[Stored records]
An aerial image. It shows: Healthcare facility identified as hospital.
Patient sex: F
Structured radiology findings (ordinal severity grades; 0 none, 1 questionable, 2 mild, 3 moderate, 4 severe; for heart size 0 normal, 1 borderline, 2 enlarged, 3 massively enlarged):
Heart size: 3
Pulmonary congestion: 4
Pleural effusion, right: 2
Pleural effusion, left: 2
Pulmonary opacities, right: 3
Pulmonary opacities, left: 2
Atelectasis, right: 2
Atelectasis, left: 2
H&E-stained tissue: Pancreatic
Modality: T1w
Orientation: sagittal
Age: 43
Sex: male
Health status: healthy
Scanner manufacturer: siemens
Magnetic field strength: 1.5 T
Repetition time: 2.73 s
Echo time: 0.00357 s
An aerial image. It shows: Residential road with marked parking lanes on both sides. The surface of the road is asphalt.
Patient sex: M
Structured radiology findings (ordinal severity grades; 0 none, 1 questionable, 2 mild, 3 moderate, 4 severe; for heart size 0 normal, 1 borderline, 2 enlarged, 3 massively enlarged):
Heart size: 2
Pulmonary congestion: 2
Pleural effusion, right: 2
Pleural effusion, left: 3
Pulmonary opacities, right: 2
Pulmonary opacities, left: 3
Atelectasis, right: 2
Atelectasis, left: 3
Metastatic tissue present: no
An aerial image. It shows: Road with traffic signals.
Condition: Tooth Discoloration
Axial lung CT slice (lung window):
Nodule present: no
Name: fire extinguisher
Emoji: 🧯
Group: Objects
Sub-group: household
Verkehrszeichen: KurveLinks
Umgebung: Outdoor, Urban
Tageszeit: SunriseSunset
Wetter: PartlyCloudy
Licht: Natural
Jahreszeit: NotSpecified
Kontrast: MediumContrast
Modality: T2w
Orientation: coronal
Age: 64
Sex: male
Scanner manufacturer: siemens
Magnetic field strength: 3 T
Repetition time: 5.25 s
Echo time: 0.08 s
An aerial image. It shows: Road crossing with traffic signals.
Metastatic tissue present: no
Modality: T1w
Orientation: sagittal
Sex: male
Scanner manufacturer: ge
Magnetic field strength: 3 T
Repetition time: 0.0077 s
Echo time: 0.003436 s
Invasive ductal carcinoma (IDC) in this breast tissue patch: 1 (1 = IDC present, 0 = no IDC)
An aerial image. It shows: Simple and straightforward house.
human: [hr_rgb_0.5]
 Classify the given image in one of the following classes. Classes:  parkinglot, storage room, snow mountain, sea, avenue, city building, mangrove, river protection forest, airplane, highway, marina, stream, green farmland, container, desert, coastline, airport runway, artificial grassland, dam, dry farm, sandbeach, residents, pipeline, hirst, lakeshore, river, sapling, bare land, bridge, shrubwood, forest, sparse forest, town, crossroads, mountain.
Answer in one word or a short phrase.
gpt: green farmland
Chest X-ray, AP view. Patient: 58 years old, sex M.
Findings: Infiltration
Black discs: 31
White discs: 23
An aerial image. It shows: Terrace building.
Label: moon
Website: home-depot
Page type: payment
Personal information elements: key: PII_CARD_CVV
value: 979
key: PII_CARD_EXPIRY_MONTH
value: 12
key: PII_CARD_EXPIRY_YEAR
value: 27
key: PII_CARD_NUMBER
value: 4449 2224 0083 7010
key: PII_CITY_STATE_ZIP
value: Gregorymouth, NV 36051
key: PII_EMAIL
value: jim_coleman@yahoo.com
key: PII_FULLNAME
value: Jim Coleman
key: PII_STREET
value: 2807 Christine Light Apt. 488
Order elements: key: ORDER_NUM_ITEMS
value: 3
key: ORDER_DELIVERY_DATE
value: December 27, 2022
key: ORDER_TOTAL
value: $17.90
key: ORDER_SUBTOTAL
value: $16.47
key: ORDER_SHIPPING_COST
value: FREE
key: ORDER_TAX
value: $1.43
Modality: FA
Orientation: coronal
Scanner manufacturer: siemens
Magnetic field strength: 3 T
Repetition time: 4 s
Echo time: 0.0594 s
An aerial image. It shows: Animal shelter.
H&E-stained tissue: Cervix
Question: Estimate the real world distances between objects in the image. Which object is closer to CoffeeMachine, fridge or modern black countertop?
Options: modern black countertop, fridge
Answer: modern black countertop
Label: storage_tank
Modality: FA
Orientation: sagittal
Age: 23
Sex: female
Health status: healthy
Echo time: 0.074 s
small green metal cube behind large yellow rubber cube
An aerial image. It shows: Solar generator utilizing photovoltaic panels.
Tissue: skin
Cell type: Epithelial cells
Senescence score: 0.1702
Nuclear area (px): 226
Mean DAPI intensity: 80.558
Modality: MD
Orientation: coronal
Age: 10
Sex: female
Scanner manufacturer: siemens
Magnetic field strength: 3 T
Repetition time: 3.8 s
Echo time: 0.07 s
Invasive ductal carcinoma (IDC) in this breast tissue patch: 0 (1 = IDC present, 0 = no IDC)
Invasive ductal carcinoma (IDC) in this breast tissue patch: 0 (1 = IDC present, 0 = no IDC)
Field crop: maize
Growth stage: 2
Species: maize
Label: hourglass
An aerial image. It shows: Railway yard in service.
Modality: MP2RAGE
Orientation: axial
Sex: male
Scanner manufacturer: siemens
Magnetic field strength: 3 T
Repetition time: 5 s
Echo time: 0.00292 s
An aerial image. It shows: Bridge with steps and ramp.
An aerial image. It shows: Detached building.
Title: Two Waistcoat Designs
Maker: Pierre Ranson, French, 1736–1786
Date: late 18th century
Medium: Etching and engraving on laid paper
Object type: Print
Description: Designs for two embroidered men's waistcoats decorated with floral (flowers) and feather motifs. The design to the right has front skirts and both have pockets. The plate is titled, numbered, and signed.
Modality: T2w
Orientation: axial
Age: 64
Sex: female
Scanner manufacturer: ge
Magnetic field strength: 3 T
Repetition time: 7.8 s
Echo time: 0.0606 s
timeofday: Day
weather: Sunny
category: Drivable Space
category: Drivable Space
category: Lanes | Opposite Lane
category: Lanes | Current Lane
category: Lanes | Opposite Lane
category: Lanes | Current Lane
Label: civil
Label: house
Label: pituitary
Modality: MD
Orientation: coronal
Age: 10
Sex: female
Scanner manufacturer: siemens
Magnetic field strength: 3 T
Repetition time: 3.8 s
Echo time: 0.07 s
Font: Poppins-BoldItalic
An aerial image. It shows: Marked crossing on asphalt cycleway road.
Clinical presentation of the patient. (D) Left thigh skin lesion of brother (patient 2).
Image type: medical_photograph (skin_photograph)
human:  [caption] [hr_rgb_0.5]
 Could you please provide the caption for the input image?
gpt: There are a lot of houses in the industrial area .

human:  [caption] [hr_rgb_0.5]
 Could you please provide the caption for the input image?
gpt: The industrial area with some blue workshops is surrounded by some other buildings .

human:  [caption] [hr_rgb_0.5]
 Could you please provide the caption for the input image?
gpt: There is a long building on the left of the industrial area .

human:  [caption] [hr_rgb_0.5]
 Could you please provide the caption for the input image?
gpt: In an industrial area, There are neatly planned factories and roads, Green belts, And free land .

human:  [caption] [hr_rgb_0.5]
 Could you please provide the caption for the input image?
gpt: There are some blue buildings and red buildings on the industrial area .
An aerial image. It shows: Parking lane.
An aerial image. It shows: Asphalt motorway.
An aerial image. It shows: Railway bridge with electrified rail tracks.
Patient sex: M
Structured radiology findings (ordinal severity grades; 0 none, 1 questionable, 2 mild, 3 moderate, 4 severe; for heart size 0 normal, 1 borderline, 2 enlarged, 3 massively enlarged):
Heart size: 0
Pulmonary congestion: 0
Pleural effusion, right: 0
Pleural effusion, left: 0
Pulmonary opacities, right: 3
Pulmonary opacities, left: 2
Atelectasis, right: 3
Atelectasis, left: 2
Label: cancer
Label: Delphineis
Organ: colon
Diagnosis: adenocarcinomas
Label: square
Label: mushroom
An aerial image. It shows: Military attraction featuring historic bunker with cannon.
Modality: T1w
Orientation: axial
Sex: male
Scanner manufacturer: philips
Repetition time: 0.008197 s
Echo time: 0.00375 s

*PROBLEM TO WORK ON*
From the records above, copy every line that includes the word "Repetition".

*SOLUTION FOR THIS PROBLEM*
Repetition time: 2.73 s
Repetition time: 5.25 s
Repetition time: 0.0077 s
Repetition time: 4 s
Repetition time: 3.8 s
Repetition time: 5 s
Repetition time: 7.8 s
Repetition time: 3.8 s
Repetition time: 0.008197 s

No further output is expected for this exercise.